BEGIN INFORMATION SHOWN

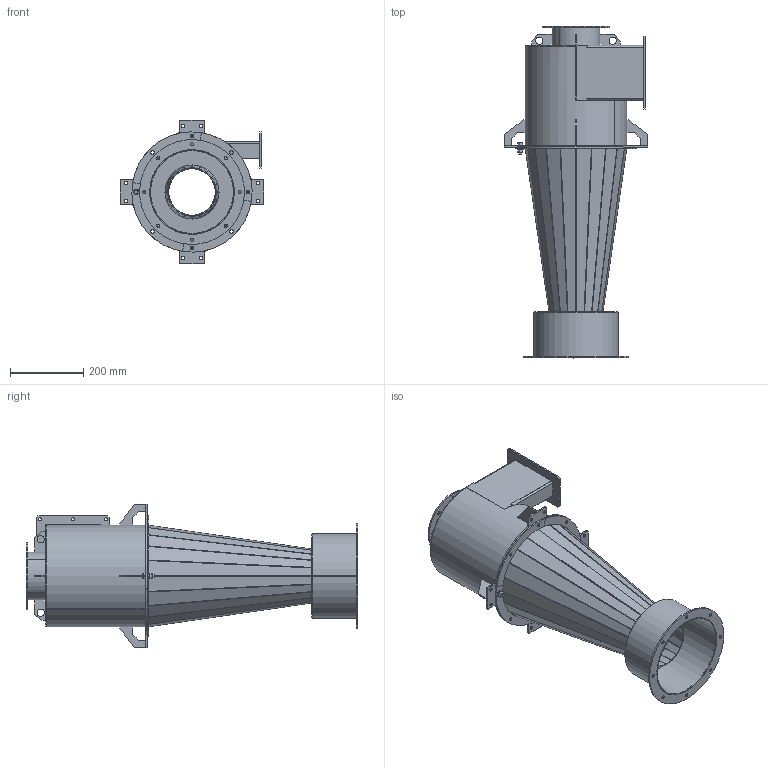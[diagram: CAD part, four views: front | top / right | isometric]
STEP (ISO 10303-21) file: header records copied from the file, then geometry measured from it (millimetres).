
FILE_DESCRIPTION (( 'STEP AP203' ), '1' );
FILE_NAME ('CYSE02.STEP', '2023-11-21T07:39:28', ( '' ), ( '' ), 'SwSTEP 2.0', 'SolidWorks 2022', '' );
FILE_SCHEMA (( 'CONFIG_CONTROL_DESIGN' ));
Length unit declared in the file: millimetre
Products named in the file (23): CO-S327-02 - PART_Výchozí; CO-S328-02 - PART_Výchozí; CO-S327-03 - PART_Výchozí; PRGG-DNXXXX - FLANGE G&G_PRGG-DN125; CO-S326-02 - PART_Výchozí; CO-S326-00 - INPUT_Výchozí; CO-S327-04 - PART_Výchozí; CO-S327-01 - PART_Výchozí; CO-S328-05 - PART_Výchozí; CO-S329-00 - CYCLONE_Výchozí; PRGG-DNXXXX - FLANGE G&G_PRGG-DN225; PH-D008-23 - FLANGE 50x150_Výchozí; CO-S328-03 - PART_Výchozí; CO-S328-06 - PART_Výchozí; CO-S328-07 - PART_Výchozí; CO-CYGG-100-00 - CW 10-23_Výchozí; CO-S327-00 - CONE_Výchozí; CO-S326-01 - PART_Výchozí; Part1^CO-CYGG-100-00 - CW 10-23; CYSE02; CO-S328-01 - PART_Výchozí; CO-S328-04 - PART_Výchozí; BOLT JOINT - B+W-W+N_M8x25-X8-W
Assembly tree (37 placements, depth 5):
  Part1^CO-CYGG-100-00 - CW 10-23
  CYSE02
    CO-CYGG-100-00 - CW 10-23_Výchozí
      CO-S329-00 - CYCLONE_Výchozí
        CO-S328-01 - PART_Výchozí
        CO-S328-02 - PART_Výchozí  x4
        CO-S328-03 - PART_Výchozí
        CO-S328-04 - PART_Výchozí
        CO-S328-05 - PART_Výchozí  x4
        CO-S328-06 - PART_Výchozí  x4
        CO-S326-00 - INPUT_Výchozí
          CO-S326-01 - PART_Výchozí
          CO-S326-02 - PART_Výchozí
          PH-D008-23 - FLANGE 50x150_Výchozí
        PRGG-DNXXXX - FLANGE G&G_PRGG-DN125
        CO-S328-07 - PART_Výchozí
      CO-S327-00 - CONE_Výchozí
        CO-S327-01 - PART_Výchozí  x2
        CO-S327-02 - PART_Výchozí
        CO-S327-03 - PART_Výchozí  x4
        CO-S327-04 - PART_Výchozí  x4
        PRGG-DNXXXX - FLANGE G&G_PRGG-DN225
      BOLT JOINT - B+W-W+N_M8x25-X8-W
Bounding box: 390 x 905 x 390 mm (x, y, z)
Volume: 2174028.6 mm3; surface area: 2021752 mm2
Topology: 33 solids, 33 shells, 545 faces, 1266 edges, 792 vertices
Faces by surface type: plane 305, cylinder 208, bspline 32
Entity records: 11274 total; most frequent: CARTESIAN_POINT 1661, DIRECTION 1504, ORIENTED_EDGE 1314, EDGE_CURVE 657, AXIS2_PLACEMENT_3D 549, VERTEX_POINT 418, VECTOR 406, LINE 406

END INFORMATION SHOWN

Print all data above verbatim, except pictures.

[diagram: CAD part, four views: front | top / right | isometric]
STEP (ISO 10303-21) file: header records copied from the file, then geometry measured from it (millimetres).
FILE_DESCRIPTION (( 'STEP AP203' ), '1' );
FILE_NAME ('CYSE02.STEP', '2023-11-21T07:39:28', ( '' ), ( '' ), 'SwSTEP 2.0', 'SolidWorks 2022', '' );
FILE_SCHEMA (( 'CONFIG_CONTROL_DESIGN' ));
Length unit declared in the file: millimetre
Products named in the file (23): CO-S327-02 - PART_Výchozí; CO-S328-02 - PART_Výchozí; CO-S327-03 - PART_Výchozí; PRGG-DNXXXX - FLANGE G&G_PRGG-DN125; CO-S326-02 - PART_Výchozí; CO-S326-00 - INPUT_Výchozí; CO-S327-04 - PART_Výchozí; CO-S327-01 - PART_Výchozí; CO-S328-05 - PART_Výchozí; CO-S329-00 - CYCLONE_Výchozí; PRGG-DNXXXX - FLANGE G&G_PRGG-DN225; PH-D008-23 - FLANGE 50x150_Výchozí; CO-S328-03 - PART_Výchozí; CO-S328-06 - PART_Výchozí; CO-S328-07 - PART_Výchozí; CO-CYGG-100-00 - CW 10-23_Výchozí; CO-S327-00 - CONE_Výchozí; CO-S326-01 - PART_Výchozí; Part1^CO-CYGG-100-00 - CW 10-23; CYSE02; CO-S328-01 - PART_Výchozí; CO-S328-04 - PART_Výchozí; BOLT JOINT - B+W-W+N_M8x25-X8-W
Assembly tree (37 placements, depth 5):
  Part1^CO-CYGG-100-00 - CW 10-23
  CYSE02
    CO-CYGG-100-00 - CW 10-23_Výchozí
      CO-S329-00 - CYCLONE_Výchozí
        CO-S328-01 - PART_Výchozí
        CO-S328-02 - PART_Výchozí  x4
        CO-S328-03 - PART_Výchozí
        CO-S328-04 - PART_Výchozí
        CO-S328-05 - PART_Výchozí  x4
        CO-S328-06 - PART_Výchozí  x4
        CO-S326-00 - INPUT_Výchozí
          CO-S326-01 - PART_Výchozí
          CO-S326-02 - PART_Výchozí
          PH-D008-23 - FLANGE 50x150_Výchozí
        PRGG-DNXXXX - FLANGE G&G_PRGG-DN125
        CO-S328-07 - PART_Výchozí
      CO-S327-00 - CONE_Výchozí
        CO-S327-01 - PART_Výchozí  x2
        CO-S327-02 - PART_Výchozí
        CO-S327-03 - PART_Výchozí  x4
        CO-S327-04 - PART_Výchozí  x4
        PRGG-DNXXXX - FLANGE G&G_PRGG-DN225
      BOLT JOINT - B+W-W+N_M8x25-X8-W
Bounding box: 390 x 905 x 390 mm (x, y, z)
Volume: 2174028.6 mm3; surface area: 2021752 mm2
Topology: 33 solids, 33 shells, 545 faces, 1266 edges, 792 vertices
Faces by surface type: plane 305, cylinder 208, bspline 32
Entity records: 11274 total; most frequent: CARTESIAN_POINT 1661, DIRECTION 1504, ORIENTED_EDGE 1314, EDGE_CURVE 657, AXIS2_PLACEMENT_3D 549, VERTEX_POINT 418, VECTOR 406, LINE 406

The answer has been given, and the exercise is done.